If it's off, I must turn it on.
If it's folded, I must unfold it.
If it's high, it must be reached.
If it's shelved, it must be unshelved.
If it's pointed, it must be run with at top speed.
If it has leaves, they must be picked.
If it's plugged, it must be unplugged.
If it's not trash, it must be thrown away.
If it's in the trash, it must be removed, inspected and thrown on the floor.
If it's closed, it must be opened.
If it doesn't open, it must be screamed at.
If it has drawers, they must be rifled.
If it's a pencil, it must write on the refrigerator, computer monitor or table.
If it's full, it will be more interesting emptied.
If it's empty, it will be more interesting full.
If it's a pile of dirt, it must be laid upon.
If it's a stroller, it must under no circumstances be ridden in without protest and must be pushed by me instead.
If it has a flat surface, it must be banged upon.
If Mommy's hands are full, I must be carried.
If Mommy is in a hurry and wants to carry me, I must walk alone.
If it's paper, it must be torn.
If it has buttons, they must be pressed.
If the volume is low, it must go high.
If it's a drawer, it must be pulled upon.

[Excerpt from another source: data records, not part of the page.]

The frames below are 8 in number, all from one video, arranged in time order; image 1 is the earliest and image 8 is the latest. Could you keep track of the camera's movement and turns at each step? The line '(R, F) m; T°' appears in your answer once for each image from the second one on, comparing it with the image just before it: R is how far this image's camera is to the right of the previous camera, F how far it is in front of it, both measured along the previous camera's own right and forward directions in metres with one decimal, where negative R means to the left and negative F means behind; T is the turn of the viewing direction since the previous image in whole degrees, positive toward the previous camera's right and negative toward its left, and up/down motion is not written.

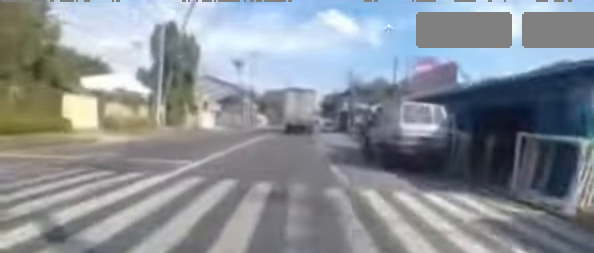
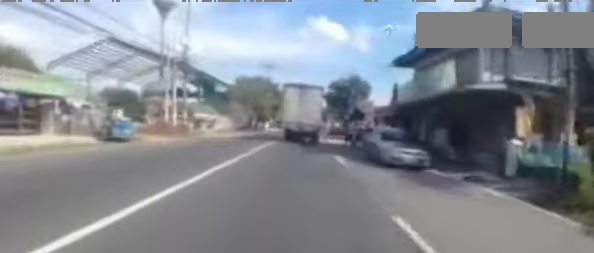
(+1.1, +30.5) m; +3°
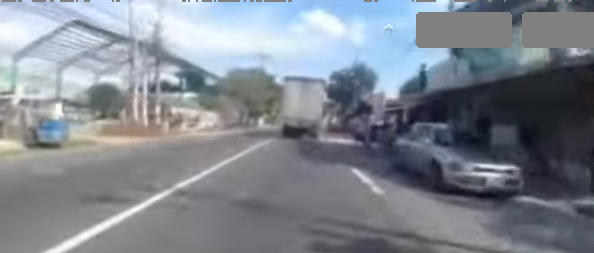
(0.0, +4.5) m; 0°
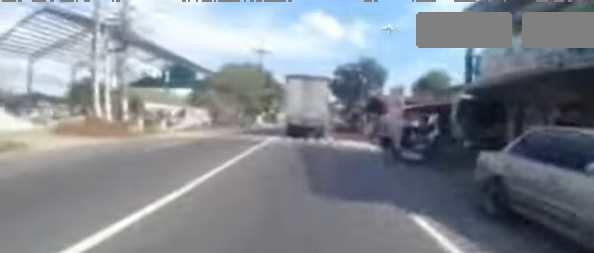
(+0.1, +3.7) m; 0°
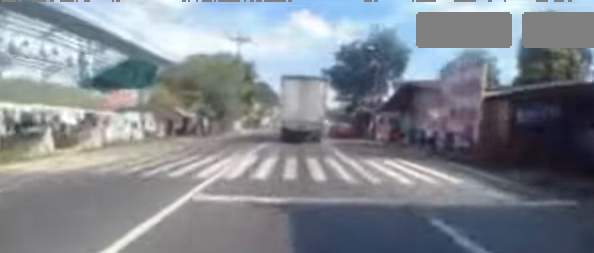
(-0.1, +9.4) m; +1°
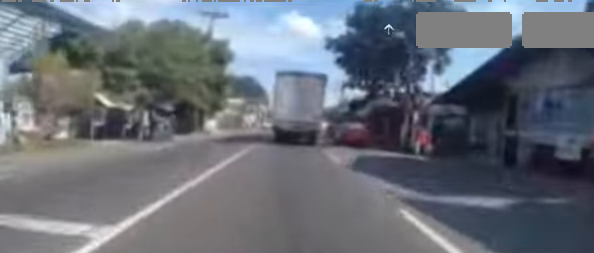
(+0.3, +8.7) m; +3°
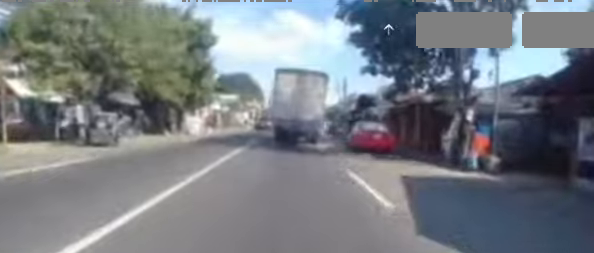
(+0.1, +5.1) m; +1°
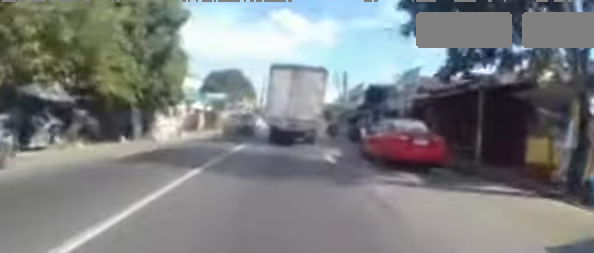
(0.0, +4.7) m; 0°

If it's YOUR toothbrush, it must be inserted into MY mouth.
If it's MY toothbrush, it must be inserted into YOUR mouth.
If it has a faucet, it must be turned on at full force.
If it's a phone, I must talk to it... unless there is someone on the other end.
If it's a bug, it must be swallowed.
If it's not food, it must be tasted.
If it's food, it must NOT be tasted.
If it has a tail, I must yank it.
If Mommy wants me to come, I must run away.
If Mommy wants me to go away, I must CLING ON FOR DEAR LIFE!
If it's sticky, it must go in my hair.
If it's bath time, I must run around naked till I am caught.
Sound familiar to anyone?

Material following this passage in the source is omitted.